## Task instructions
An exact copy of the entries, with every picture omitted, is what is needed here.

## Information given
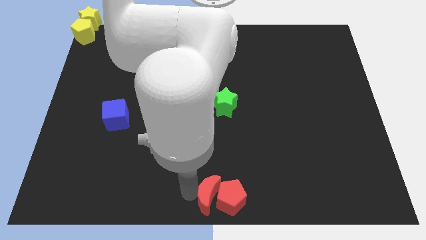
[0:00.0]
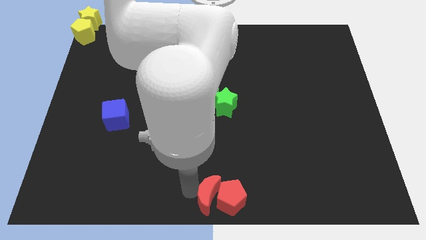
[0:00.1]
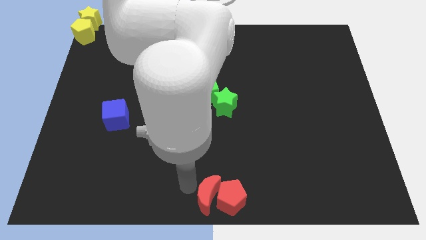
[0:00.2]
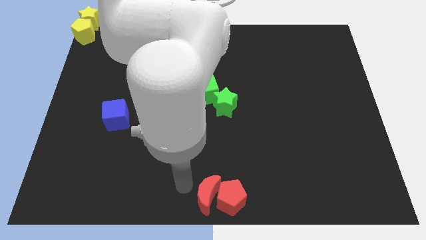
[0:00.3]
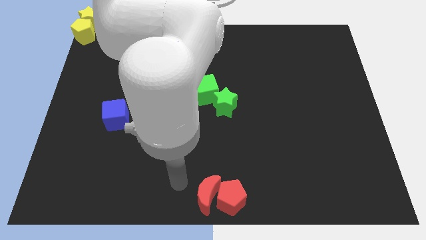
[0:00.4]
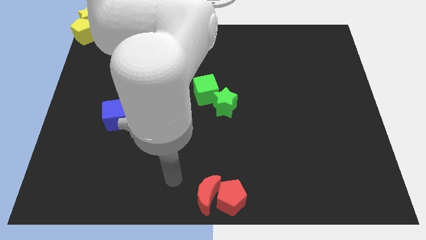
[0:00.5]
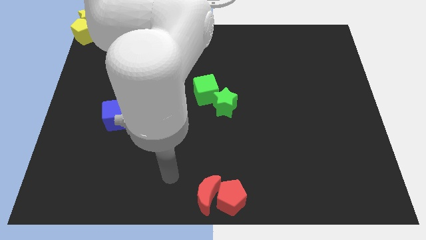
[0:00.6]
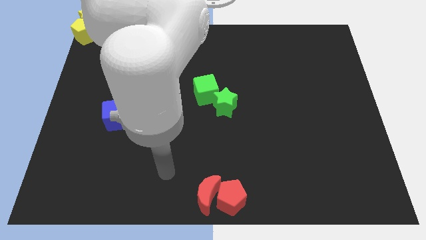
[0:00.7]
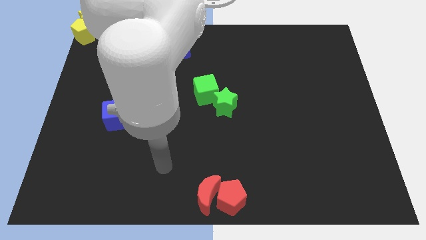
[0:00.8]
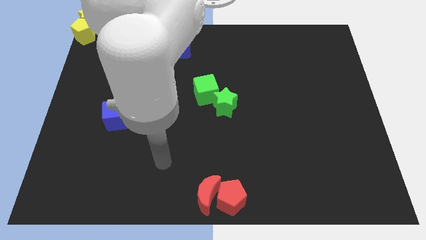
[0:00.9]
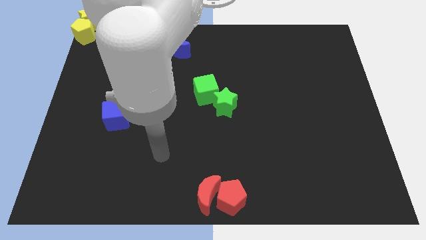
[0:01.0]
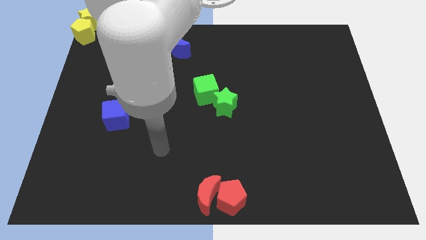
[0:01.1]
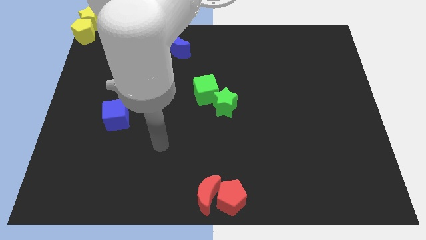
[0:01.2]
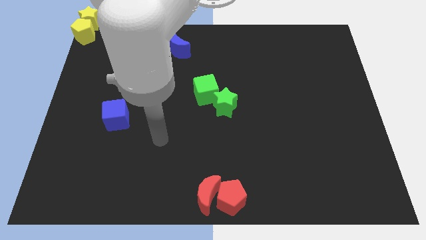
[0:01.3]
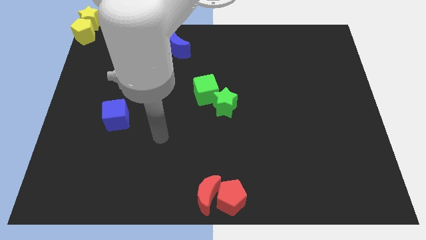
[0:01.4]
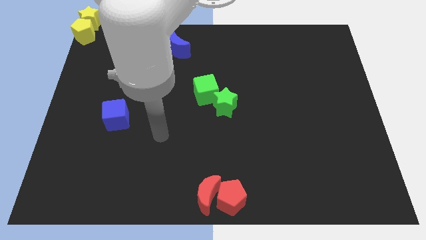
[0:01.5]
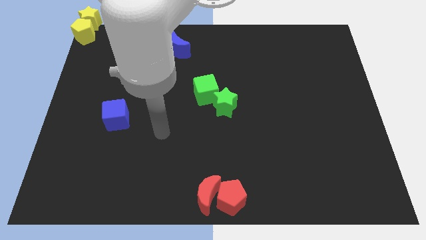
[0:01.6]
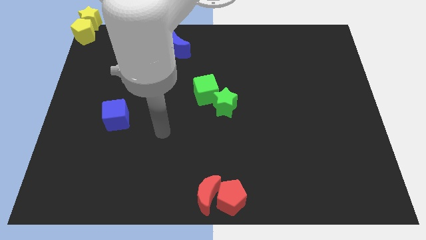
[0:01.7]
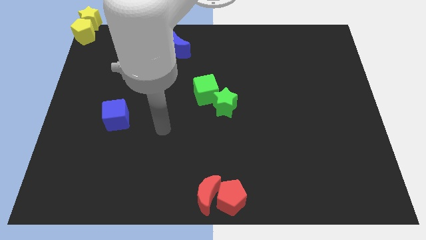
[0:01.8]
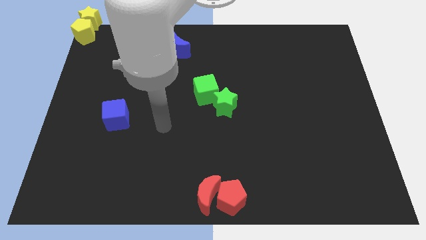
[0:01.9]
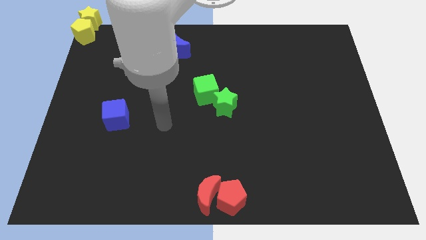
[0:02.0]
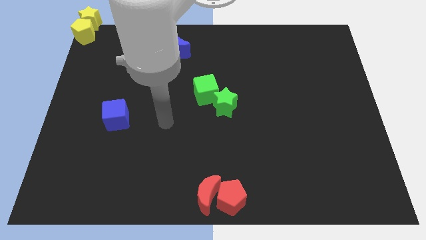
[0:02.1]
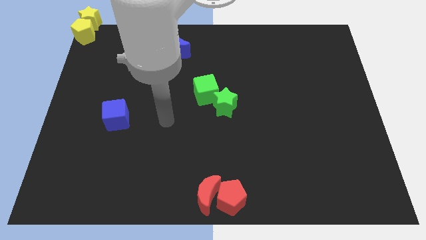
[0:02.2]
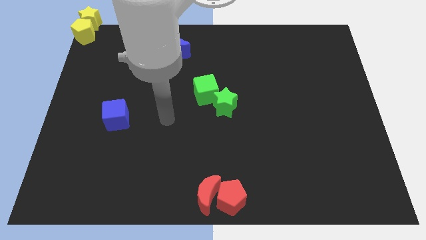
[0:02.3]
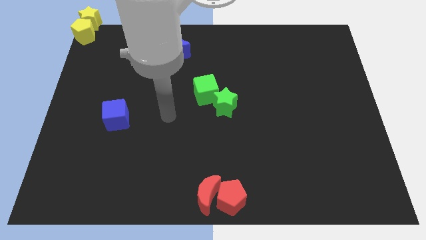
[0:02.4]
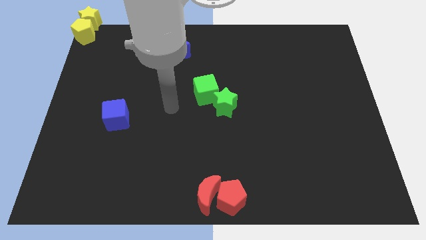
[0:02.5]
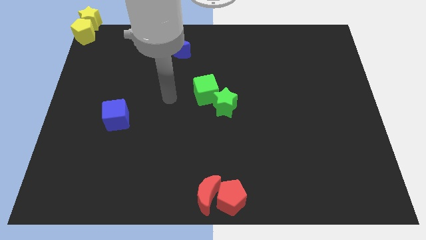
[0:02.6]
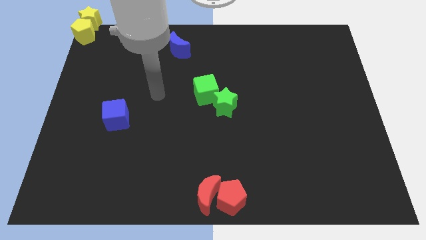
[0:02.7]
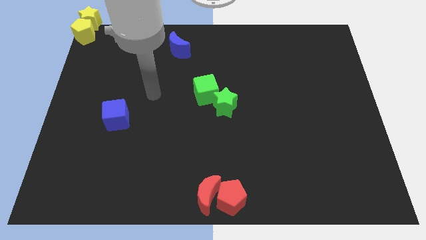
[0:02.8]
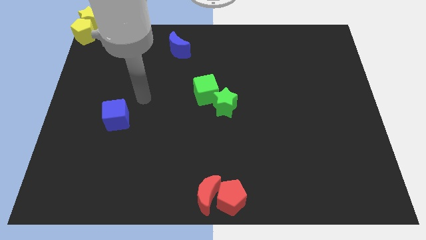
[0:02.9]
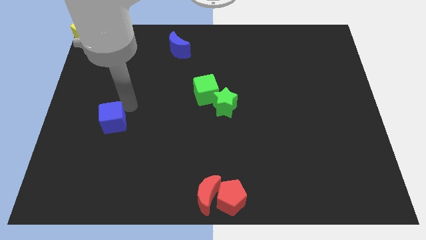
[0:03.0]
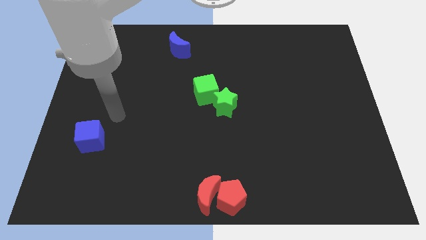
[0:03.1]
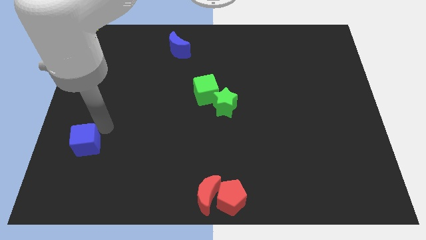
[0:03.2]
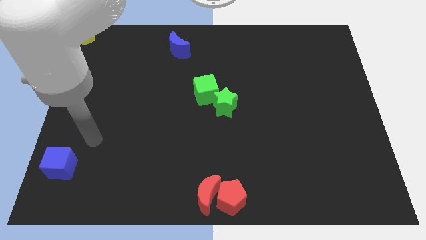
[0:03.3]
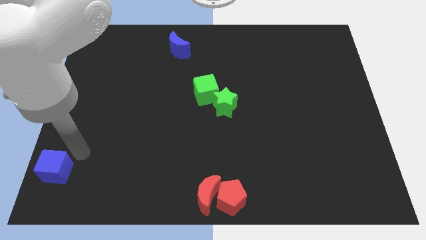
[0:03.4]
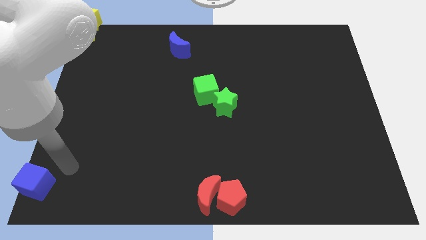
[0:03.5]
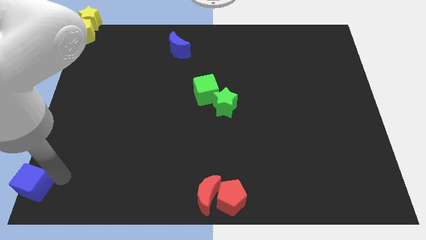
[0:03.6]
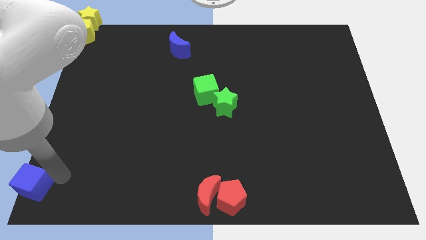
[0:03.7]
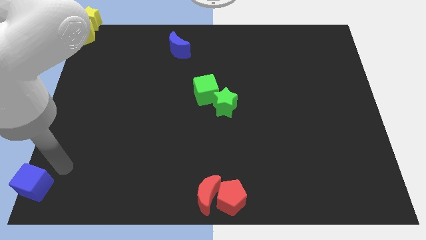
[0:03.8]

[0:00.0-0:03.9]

## Answer box
[0:00.0]
[0:00.1]
[0:00.2]
[0:00.3]
[0:00.4]
[0:00.5]
[0:00.6]
[0:00.7]
[0:00.8]
[0:00.9]
[0:01.0]
[0:01.1]
[0:01.2]
[0:01.3]
[0:01.4]
[0:01.5]
[0:01.6]
[0:01.7]
[0:01.8]
[0:01.9]
[0:02.0]
[0:02.1]
[0:02.2]
[0:02.3]
[0:02.4]
[0:02.5]
[0:02.6]
[0:02.7]
[0:02.8]
[0:02.9]
[0:03.0]
[0:03.1]
[0:03.2]
[0:03.3]
[0:03.4]
[0:03.5]
[0:03.6]
[0:03.7]
[0:03.8]

[0:00.0-0:03.9]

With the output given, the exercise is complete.